11.25 Box Plot

20240728

ds %>%
  mutate(year=factor(format(ds$date, "%Y"))) %>%
  ggplot(aes(x=year, y=max_temp, fill=year)) +
  geom_boxplot(notch=TRUE) +
  stat_summary(fun=mean, geom="point", shape=8) +
  theme(legend.position="none")

A box plot provides a graphical overview of how the values of a numeric variable are distributed. It is useful for quickly ascertaining the skewness of the distribution of the data. Also known as a box and whiskers plot it presents visually the median (the second quartile or 50th percentile) as the thicker horizontal line within the box. The box itself then extends to the lower (the first quartile or 25th percentile) and upper quartiles (the third quartile or the 75th percentile) which delimit one quarter of the dataset each, and hence the box itself represents half the dataset. The extent of the box is known as the interquartile range.
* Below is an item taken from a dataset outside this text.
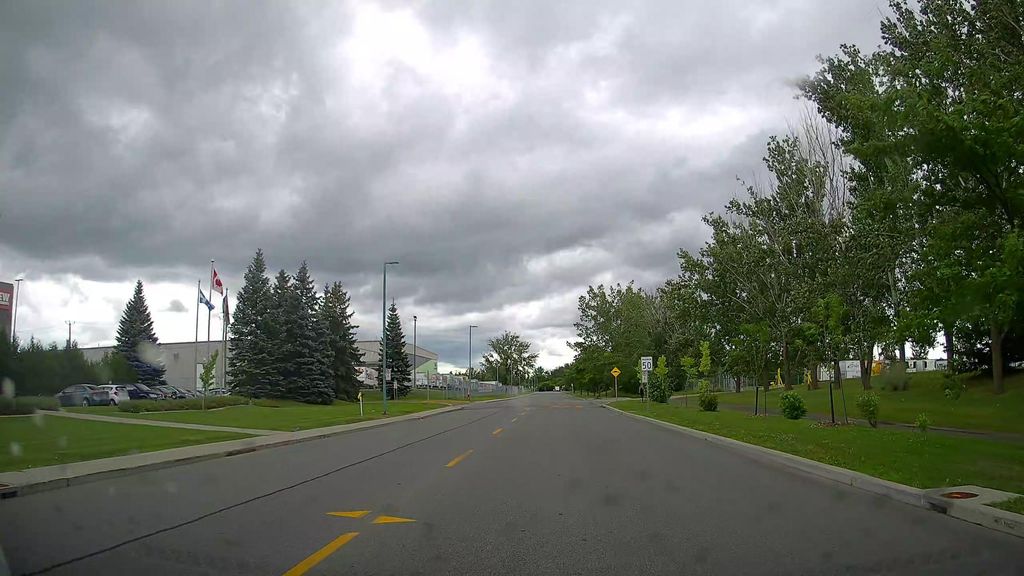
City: montreal
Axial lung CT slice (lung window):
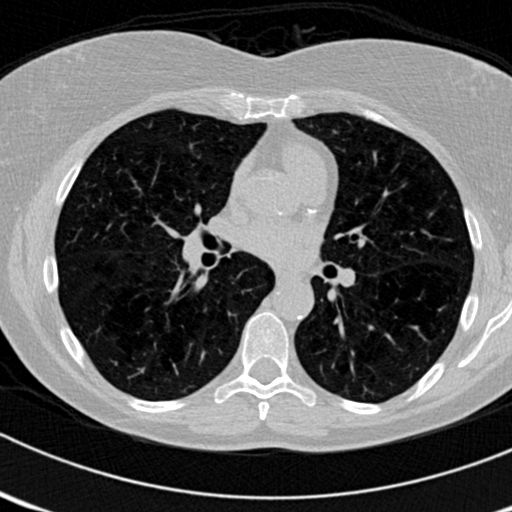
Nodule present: no

The vertical lines extend from the box to the maximum and minimum data points that are no more than 1.5 times the interquartile range from the median. Outliers (points further than 1.5 times the interquartile range from the median) are then individually plotted. The mean is also added to the plot here and displayed as the asterisk.

The notches in the box, around the median, indicate a level of confidence about the value of the median for the population in general. It is useful in comparing the distributions that are presented in the chart and allows us to readily see which distributions have significantly different medians. These are where the notches do not overlap.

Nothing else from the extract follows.